Available data:
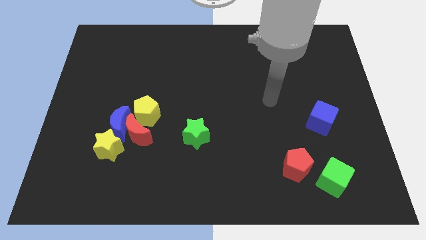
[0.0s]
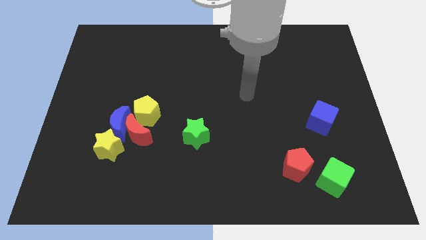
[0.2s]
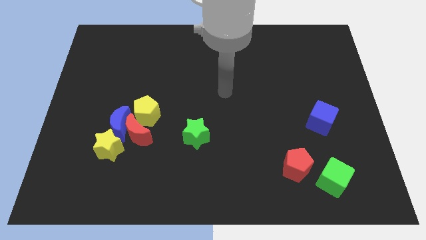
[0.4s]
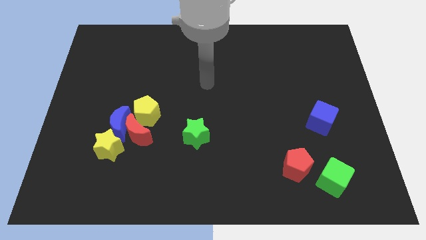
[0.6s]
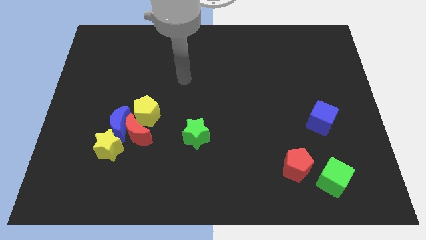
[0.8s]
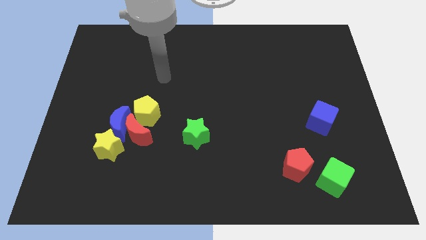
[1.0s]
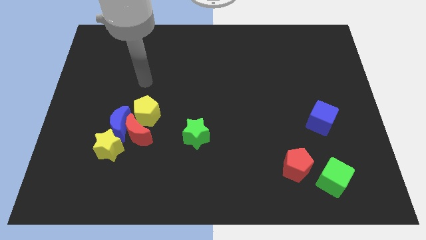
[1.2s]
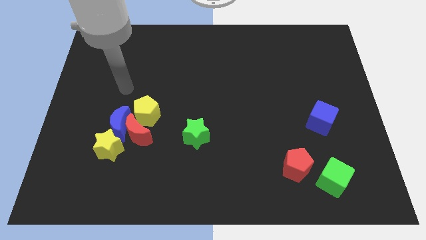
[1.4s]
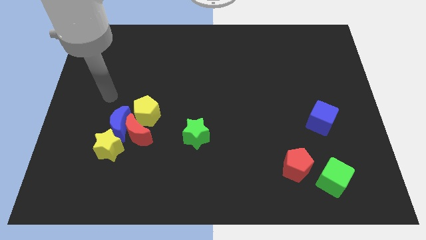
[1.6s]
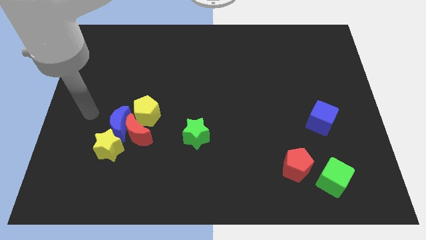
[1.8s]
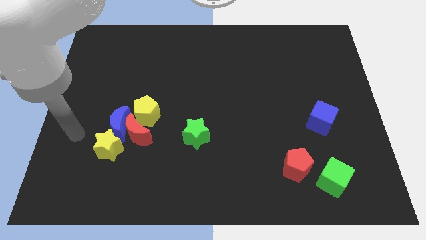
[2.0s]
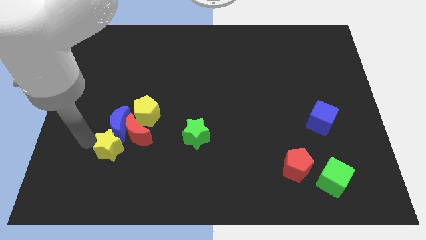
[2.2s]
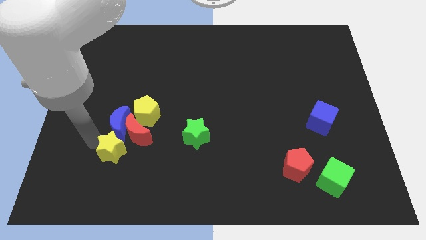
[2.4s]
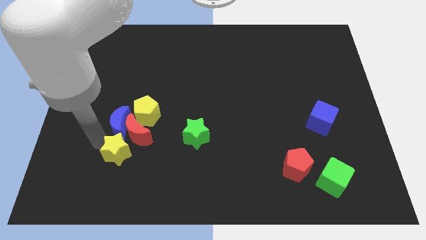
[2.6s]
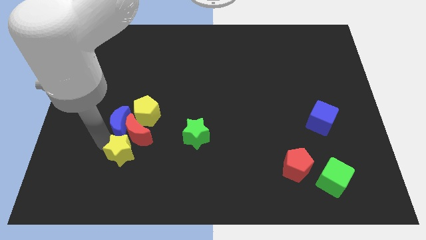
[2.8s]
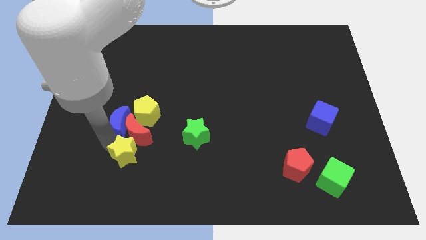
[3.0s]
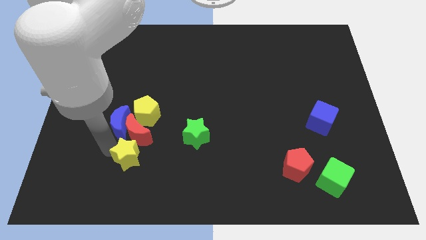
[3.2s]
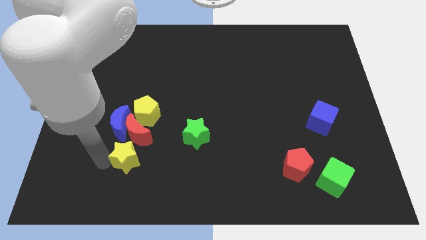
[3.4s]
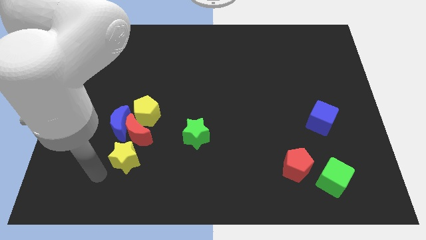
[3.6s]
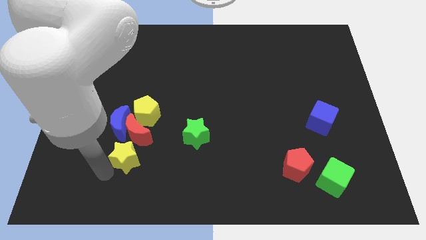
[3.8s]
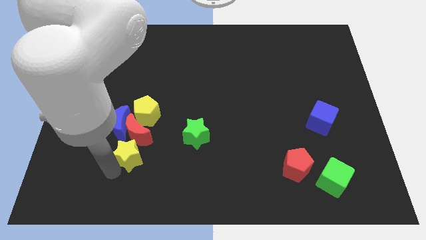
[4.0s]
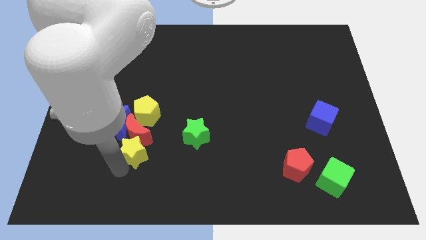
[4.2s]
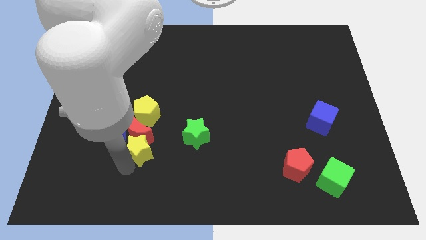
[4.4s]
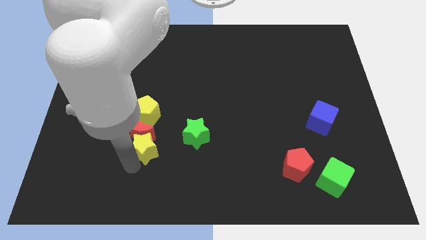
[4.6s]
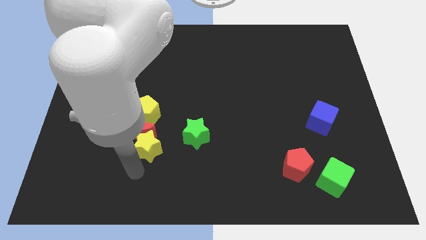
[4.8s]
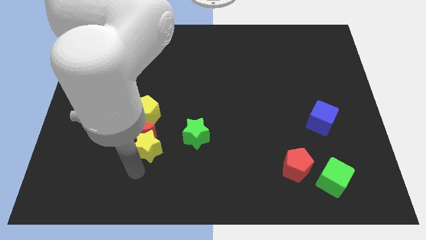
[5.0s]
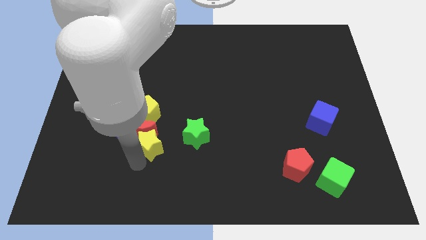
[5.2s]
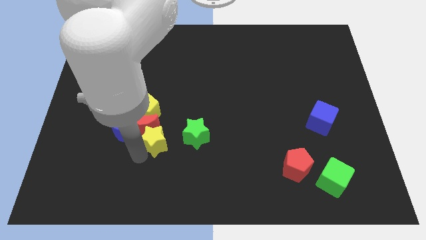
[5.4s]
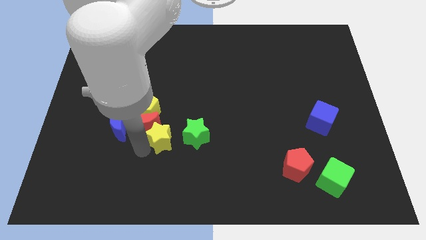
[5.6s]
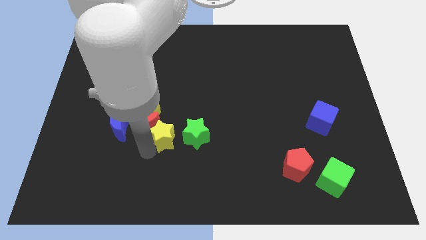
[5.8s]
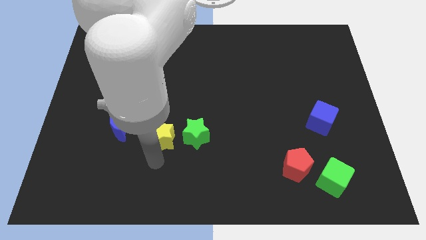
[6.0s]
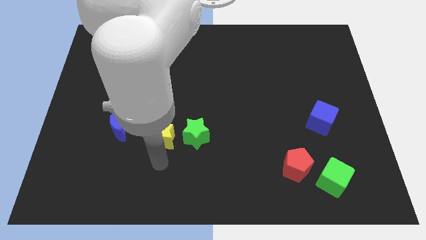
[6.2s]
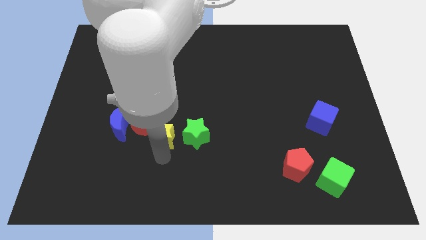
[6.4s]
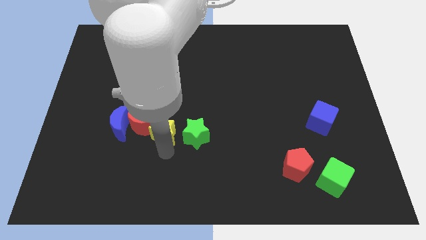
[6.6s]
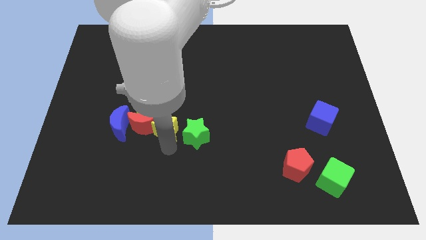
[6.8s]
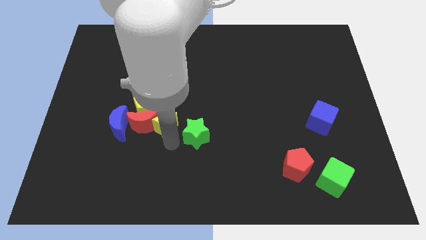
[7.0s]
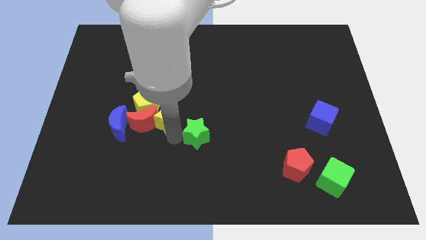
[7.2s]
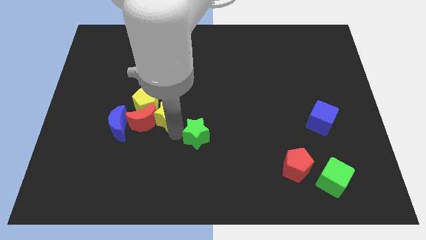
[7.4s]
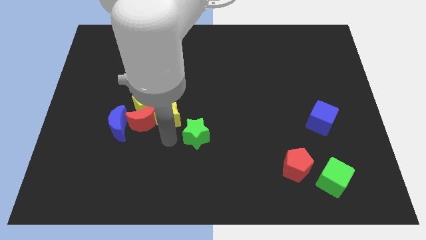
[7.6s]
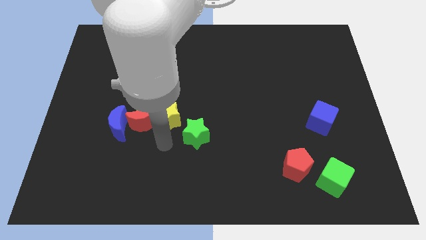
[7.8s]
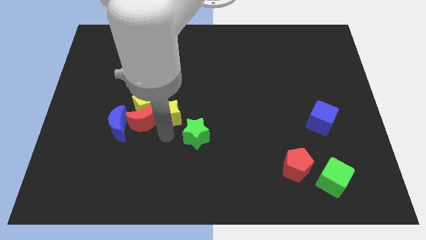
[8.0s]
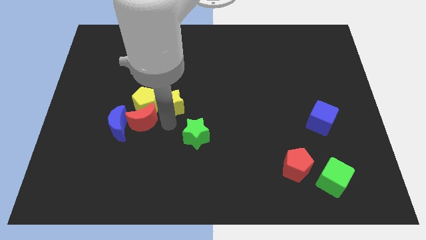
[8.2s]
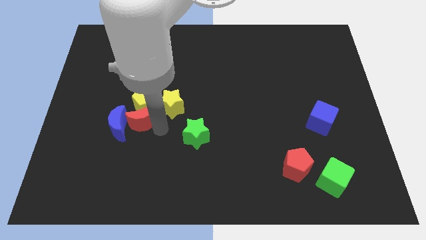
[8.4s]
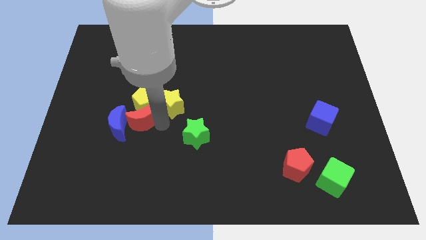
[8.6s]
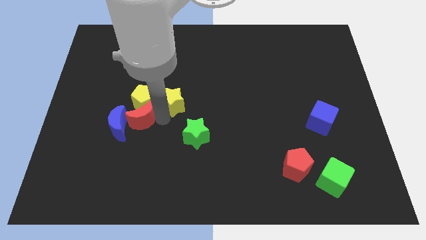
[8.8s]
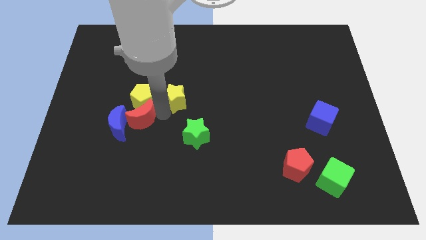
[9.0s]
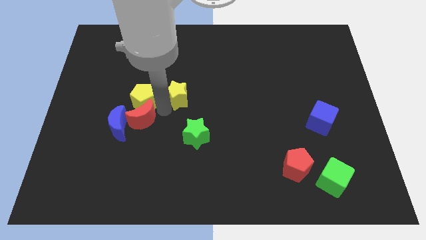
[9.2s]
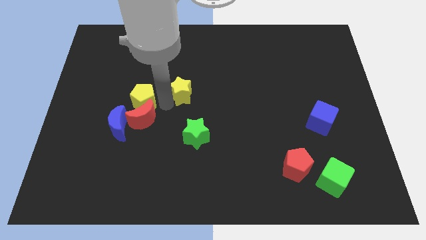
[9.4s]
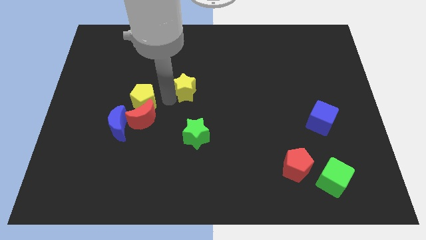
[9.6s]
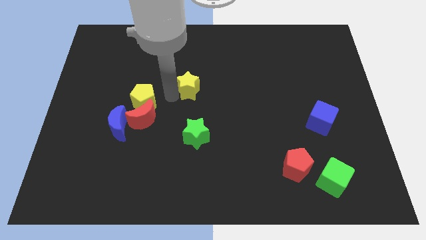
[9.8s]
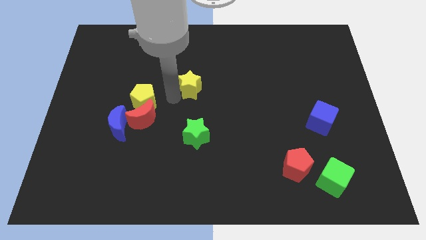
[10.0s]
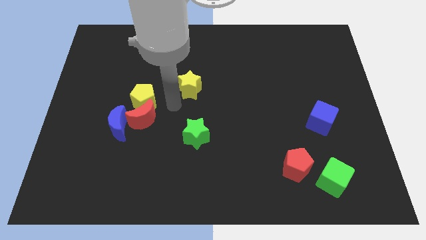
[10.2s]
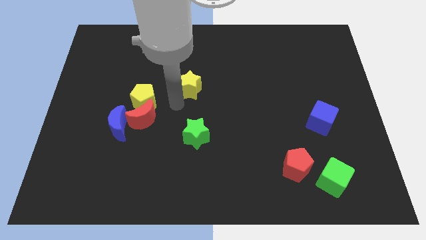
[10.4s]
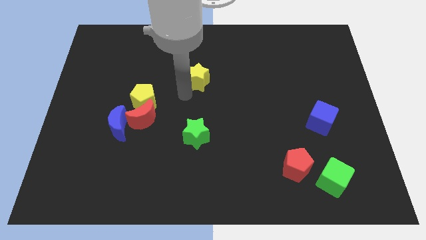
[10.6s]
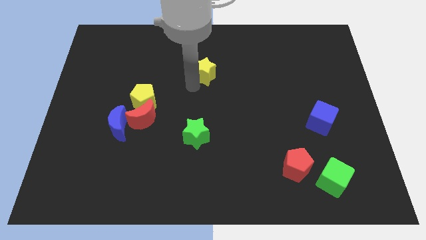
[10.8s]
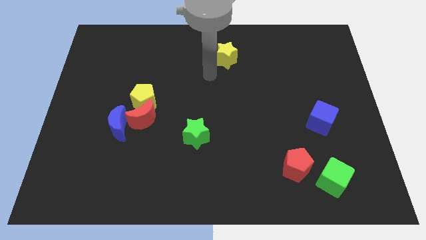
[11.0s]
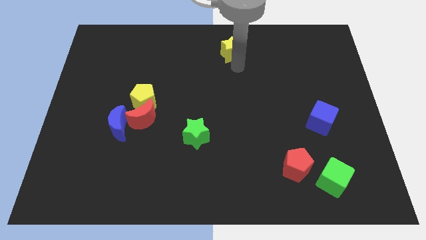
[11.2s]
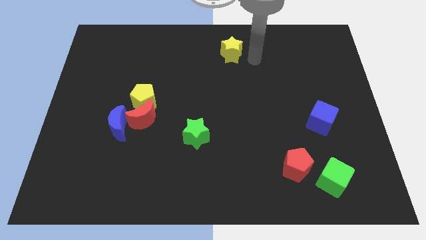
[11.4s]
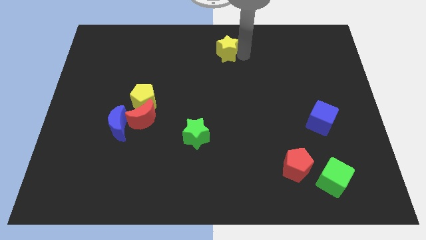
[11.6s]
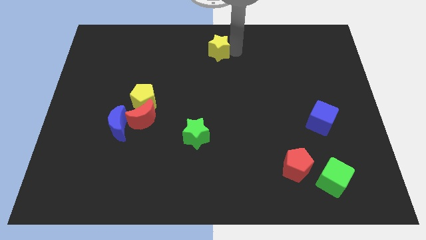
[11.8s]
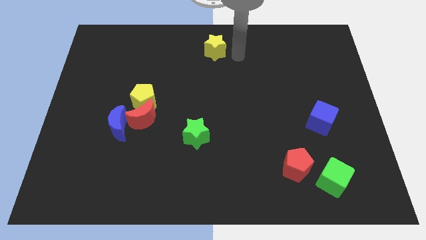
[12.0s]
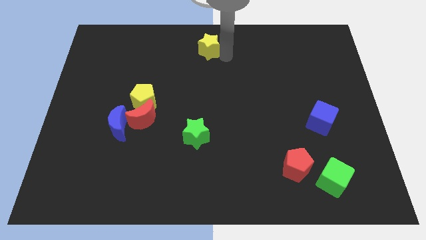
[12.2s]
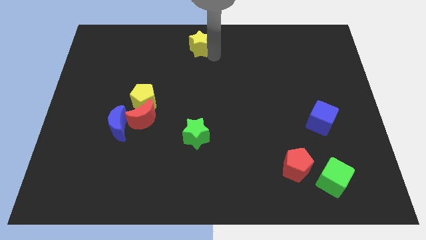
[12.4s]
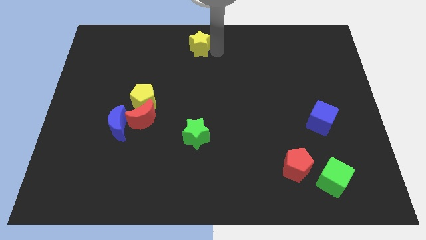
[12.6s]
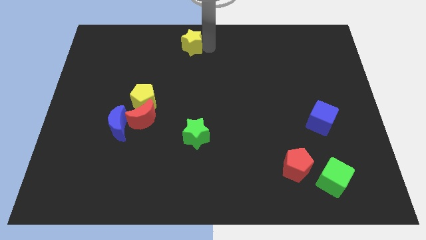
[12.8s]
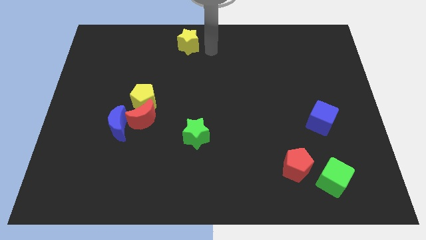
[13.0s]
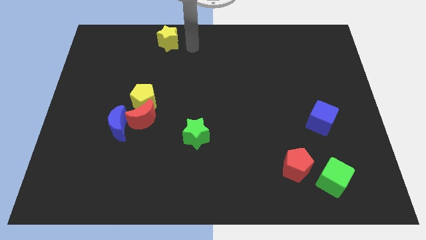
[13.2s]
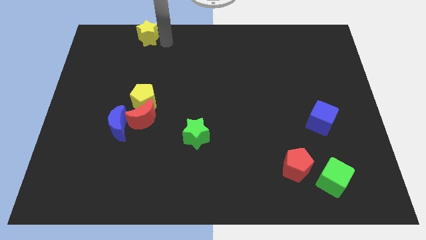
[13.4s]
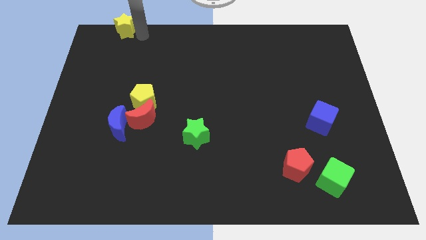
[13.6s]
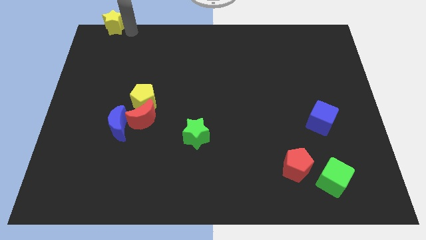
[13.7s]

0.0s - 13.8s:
slide the yellow star to the top left of the board

Work to complete: Print all the lines above exactly as they are, but without the pictures.

Solution for this problem:
[0.0s]
[0.2s]
[0.4s]
[0.6s]
[0.8s]
[1.0s]
[1.2s]
[1.4s]
[1.6s]
[1.8s]
[2.0s]
[2.2s]
[2.4s]
[2.6s]
[2.8s]
[3.0s]
[3.2s]
[3.4s]
[3.6s]
[3.8s]
[4.0s]
[4.2s]
[4.4s]
[4.6s]
[4.8s]
[5.0s]
[5.2s]
[5.4s]
[5.6s]
[5.8s]
[6.0s]
[6.2s]
[6.4s]
[6.6s]
[6.8s]
[7.0s]
[7.2s]
[7.4s]
[7.6s]
[7.8s]
[8.0s]
[8.2s]
[8.4s]
[8.6s]
[8.8s]
[9.0s]
[9.2s]
[9.4s]
[9.6s]
[9.8s]
[10.0s]
[10.2s]
[10.4s]
[10.6s]
[10.8s]
[11.0s]
[11.2s]
[11.4s]
[11.6s]
[11.8s]
[12.0s]
[12.2s]
[12.4s]
[12.6s]
[12.8s]
[13.0s]
[13.2s]
[13.4s]
[13.6s]
[13.7s]

0.0s - 13.8s:
slide the yellow star to the top left of the board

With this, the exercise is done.